OpenPGP is a message format standard, not an architecture standard. Since they are doing a instant messaging thing, there is no particular reason they couldn't do forward secrecy. They could even do a hash ratchet and call the result a double ratchet if they really wanted to. It would probably be more reasonable to do something a bit less obsessive and just make it so that the user can more securely delete their messages in the face of device compromise in an instant messaging environment.

woodruffw 15 hours ago | parent [-]

"Architecturally" refers to the architecture of OpenPGP's message and certificate formats, not some kind of architectural standard. You can see Delta Chat's own community struggle with this[1]: unbounded certificate growth doesn't mesh well with acceptable rotation periods for ephemeral keys.

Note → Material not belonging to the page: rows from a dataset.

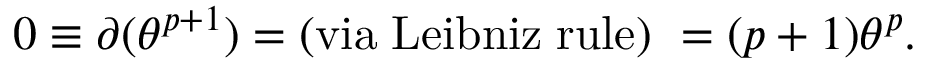
0 \equiv \partial ( \theta ^ { p + 1 } ) = \mathrm { ( v i a \; L e i b n i z \; r u l e ) \ } = ( p + 1 ) \theta ^ { p } .
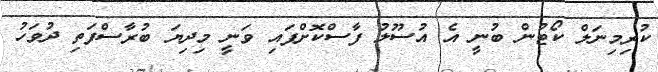
ކުރިމިނަލް ކޯޓުން ބުނީ އެ އުސޫލު ފާސްކޮށްފައި ވަނީ މިދިޔަ ބުރާސްފަތި ދުވަހު
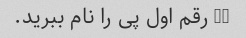
10 رقم اول پی را نام ببرید.
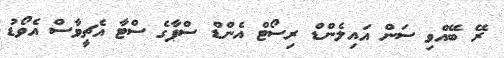
ރޭ ބޭއްވި ސަން އައިލެންޑް ރިސޯޓް އެންޑް ސްޕާގެ ސްޓާ އެޗީވާސް އެވޯޑު
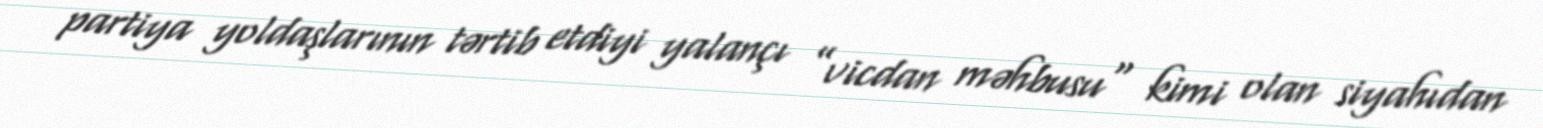
partiya yoldaşlarının tərtib etdiyi yalançı ”vicdan məhbusu" kimi olan siyahıdan
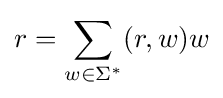
r=\sum _{w\in \Sigma ^{*}}(r,w)w
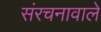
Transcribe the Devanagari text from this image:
संरचनावाले
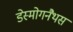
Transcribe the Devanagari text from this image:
डेस्मोगनैथस
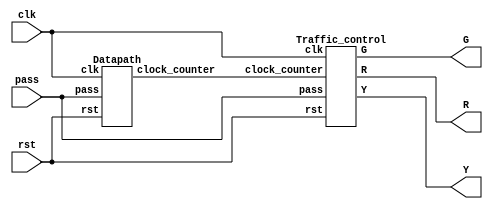
module traffic_light (
    input  clk,
    input  rst,
    input  pass,
    output R,//reg
    output G,
    output Y
);
	wire [11:0]clock_counter;
	Traffic_control Traffic_control(// type
		.clk(clk),
		.rst(rst),
		.pass(pass),
		.clock_counter(clock_counter),
		.R(R),
		.G(G),
		.Y(Y)
	);
	Datapath Datapath(
		.clk(clk),
		.rst(rst),
		.pass(pass),
		.clock_counter(clock_counter)
	);
endmodule

module Traffic_control(
	input pass,
	input rst,
	input clk,
	input [11:0]clock_counter,
	output reg R = 1'b0,
	output reg G = 1'b1,
	output reg Y = 1'b0
);
	reg [1:0] current_state = 2'b01;
	reg [1:0] next_state = 2'b00;
	parameter[1:0] red_light = 2'b00, green_light = 2'b01, yellow_light = 2'b10, none_light = 2'b11;
	//state register
	always @(posedge clk or posedge rst)
	begin
		if(rst)                                     //rst0cycle
			current_state = green_light;
		else if(pass == 1 && clock_counter > 1023)  //clock counter1023 pass = 1 cycle
			current_state = green_light;
		else if(clock_counter == 0)
			current_state = green_light;
		else
			current_state = next_state;
	end
	//next state logic
	always @(clock_counter)                        
	begin
		if(clock_counter < 1023)
			next_state = green_light;
		else if(clock_counter >= 1023 && clock_counter < 1151)
			next_state = none_light;
		else if(clock_counter >= 1151 && clock_counter < 1279)
			next_state = green_light;
		else if(clock_counter >= 1279 && clock_counter < 1407)
			next_state = none_light;
		else if(clock_counter >= 1407 && clock_counter < 1535)
			next_state = green_light;
		else if(clock_counter >= 1535 && clock_counter < 2047)
			next_state = yellow_light;
		else if(clock_counter >= 2047 && clock_counter < 3071)
			next_state = red_light;
		else
			next_state = green_light;
	end
	//ouput logic
	always @(clock_counter)//current_state 
	begin
		case(current_state)
			red_light:
			begin
				R = 1'b1;
				G = 1'b0;
				Y = 1'b0; 
			end
			green_light:
			begin
				R = 1'b0;
				G = 1'b1;
				Y = 1'b0; 
			end
			yellow_light:
			begin
				R = 1'b0;
				G = 1'b0;
				Y = 1'b1; 
			end
			none_light:
			begin
				R = 1'b0;
				G = 1'b0;
				Y = 1'b0; 
			end
		endcase
	end
endmodule

module Datapath(
	input clk,
	input rst,
	input pass,
	output reg [11:0]clock_counter = 0
);
	always @(posedge clk or posedge rst)
	begin
		if(rst)
			clock_counter = 0;
		else
		begin//??
			if(clock_counter == 3071)
				clock_counter = 0;
			else
			begin//??
				if(pass == 1 && clock_counter > 1023)
					clock_counter = 0;
				else//??
					clock_counter = clock_counter + 1;
			end
		end
	end
endmodule
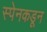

There's also the problem of OpenPGP implementations encrypting to all subkeys instead of the "latest" one, which of course blows a hole in the FS property.

[1]: https://support.delta.chat/t/autocrypt-key-rotation/2936

upofadown 6 hours ago | parent [-]

The Delta Chat issue with subkeys seems to be an Autocrypt thing. Most OpenPGP implementations will encrypt with the latest encryption key.

Which brings up a point I suppose. Delta Chat is not really doing OpenPGP. They are mostly doing Autocrypt. Autocrypt was an attempt to do encrypted email without the bother of identity verification. It has always seemed like a bad idea to me. The Delta Chat project ended up adding identity verification on top of Autocrypt.

woodruffw 4 hours ago | parent [-]

They don’t seem to think it’s an Autocrypt thing; they seem to think it’s an issue with certificates being de facto append-only. Also, “most” is not acceptable —- if even a small percentage of Signal clients had this kind of FS-breaking bug it’d be considered a significant vulnerability. We should demand better than “most.”